Give back exactly the line containing "Gel camera, BioTip." and all that follow it in the data below, with the pictures left out.

[Data provided — start]

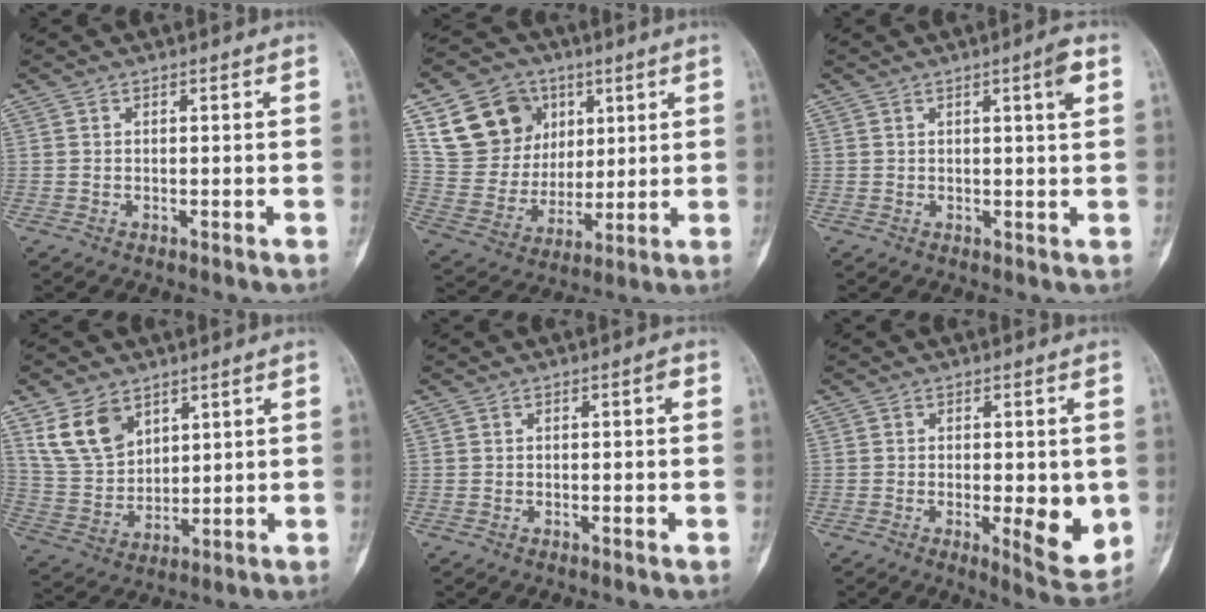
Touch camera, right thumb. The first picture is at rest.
{"total": 16.9, "force": [7.5, 13.4, 7.0], "torque": [-0.094, -0.011, 0.149]}
{"total": 4.0, "force": [1.5, 0.2, 3.7], "torque": [-0.055, -0.006, 0.021]}
{"total": 10.7, "force": [6.1, 7.0, 5.3], "torque": [-0.088, -0.025, 0.135]}
{"total": 1.9, "force": [0.1, 0.5, 1.9], "torque": [-0.025, 0.010, 0.001]}
{"total": 8.2, "force": [-1.2, 2.9, 7.6], "torque": [-0.090, -0.017, -0.010]}
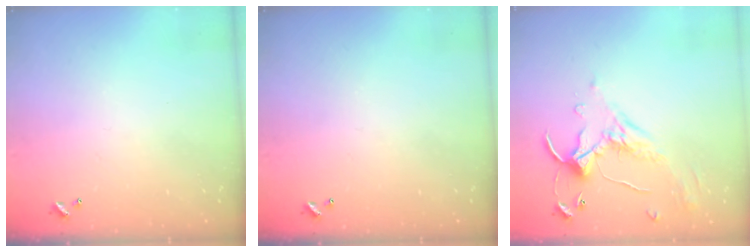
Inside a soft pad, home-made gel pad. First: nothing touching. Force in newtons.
{"total": 0.0}
{"total": 1.1, "press": 0.4, "slide": 1.0}
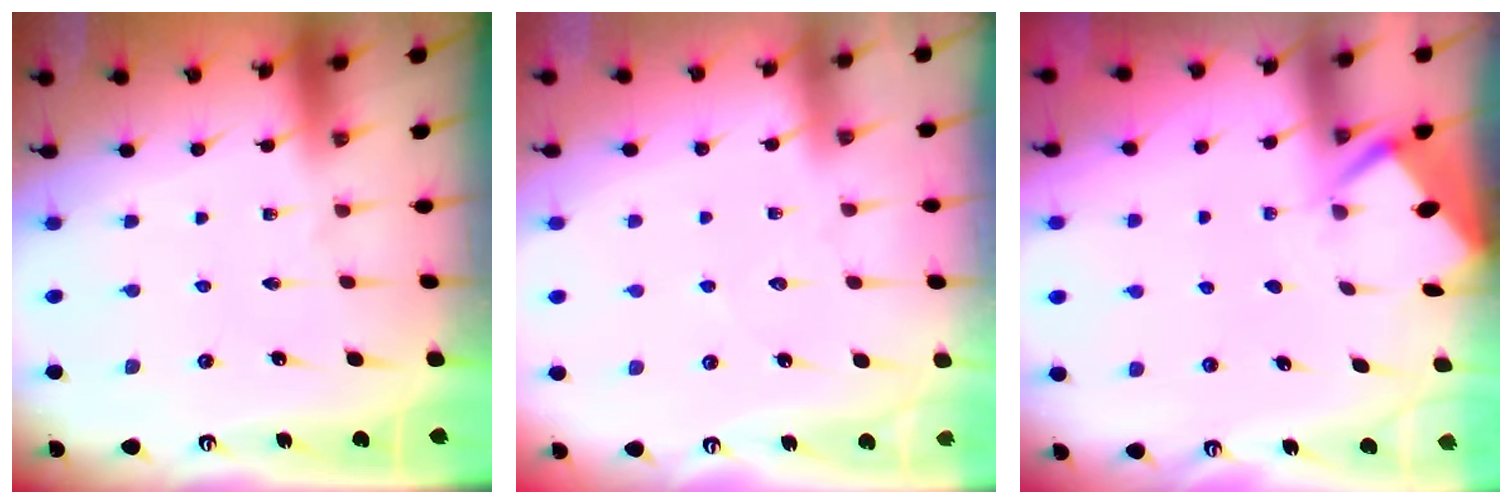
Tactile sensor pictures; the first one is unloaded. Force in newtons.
{"total": 4.2, "press": 4.1, "slide": 0.5}
{"total": 2.7, "press": 2.6, "slide": 0.3}
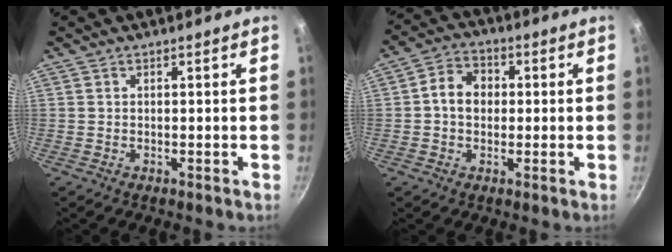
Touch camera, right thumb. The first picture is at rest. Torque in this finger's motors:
{"motor_torque": [-0.21, 0.34, -0.07, -0.03, 0.06]}
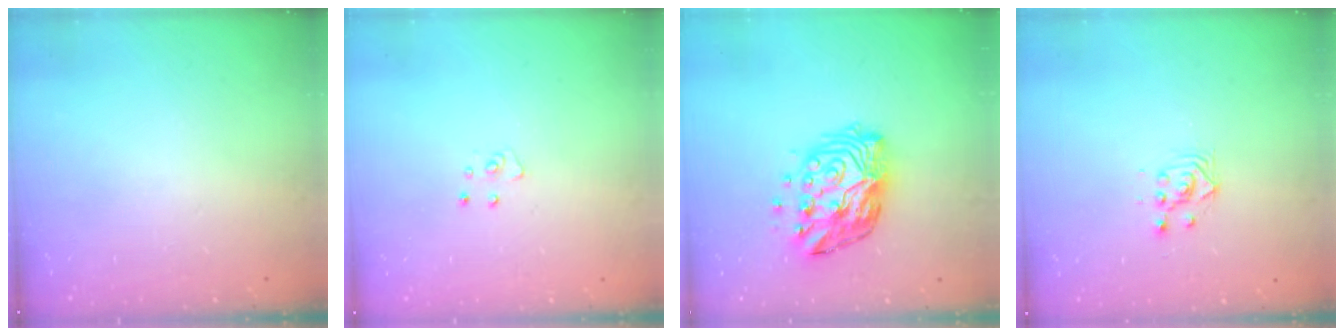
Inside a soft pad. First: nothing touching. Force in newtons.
{"total": 3.8, "press": 3.8, "slide": 0.3}
{"total": 14.2, "press": 14.2, "slide": 1.3}
{"total": 2.8, "press": 2.8, "slide": 0.2}
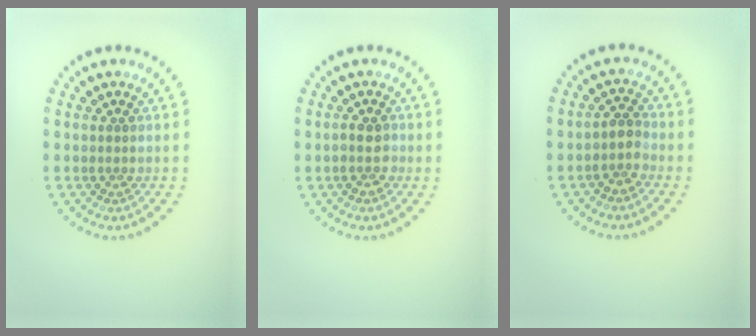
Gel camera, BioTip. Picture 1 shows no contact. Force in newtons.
{"total": 1.8, "press": 1.7, "slide": 0.7}
{"total": 2.0, "press": 1.6, "slide": 1.2}
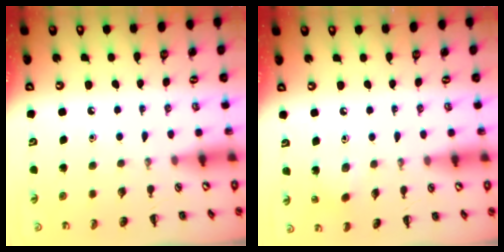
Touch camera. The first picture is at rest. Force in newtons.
{"total": 2.0, "press": 1.9, "slide": 0.5}
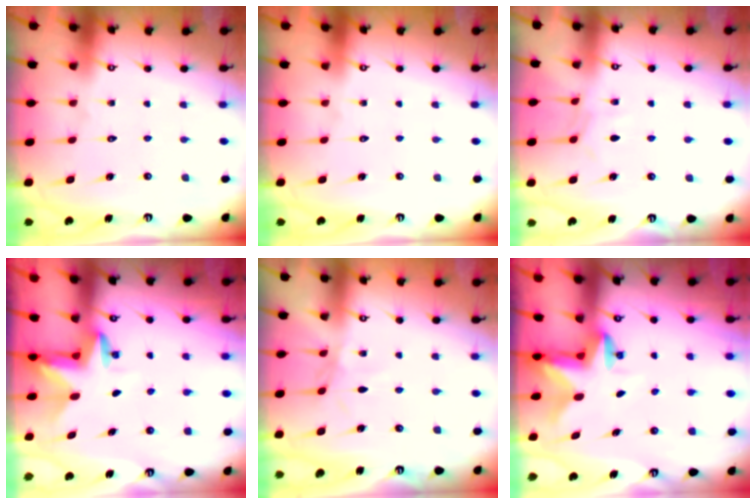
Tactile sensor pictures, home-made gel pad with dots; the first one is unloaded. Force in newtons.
{"total": 0.0}
{"total": 4.6, "press": 4.6, "slide": 0.5}
{"total": 3.4, "press": 3.4, "slide": 0.2}
{"total": 1.7, "press": 1.7, "slide": 0.5}
{"total": 2.8, "press": 2.7, "slide": 0.5}
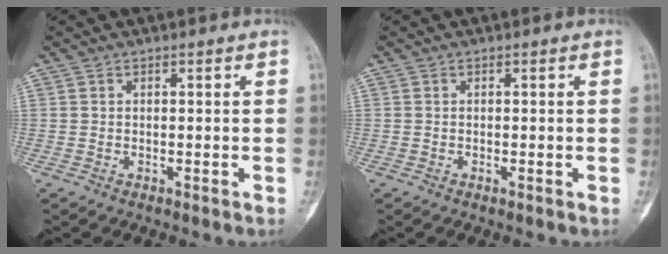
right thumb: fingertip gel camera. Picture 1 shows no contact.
{"total": 0.0}
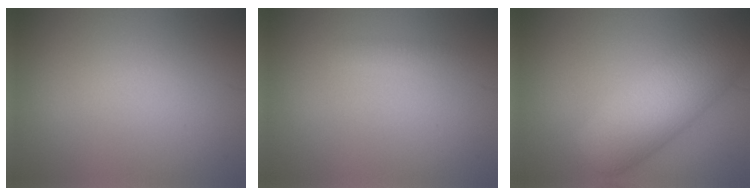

[Data provided — finish]

## Reply
Gel camera, BioTip. Picture 1 shows no contact. Force in newtons.
{"total": 1.8, "press": 1.7, "slide": 0.7}
{"total": 2.0, "press": 1.6, "slide": 1.2}
Touch camera. The first picture is at rest. Force in newtons.
{"total": 2.0, "press": 1.9, "slide": 0.5}
Tactile sensor pictures, home-made gel pad with dots; the first one is unloaded. Force in newtons.
{"total": 0.0}
{"total": 4.6, "press": 4.6, "slide": 0.5}
{"total": 3.4, "press": 3.4, "slide": 0.2}
{"total": 1.7, "press": 1.7, "slide": 0.5}
{"total": 2.8, "press": 2.7, "slide": 0.5}
right thumb: fingertip gel camera. Picture 1 shows no contact.
{"total": 0.0}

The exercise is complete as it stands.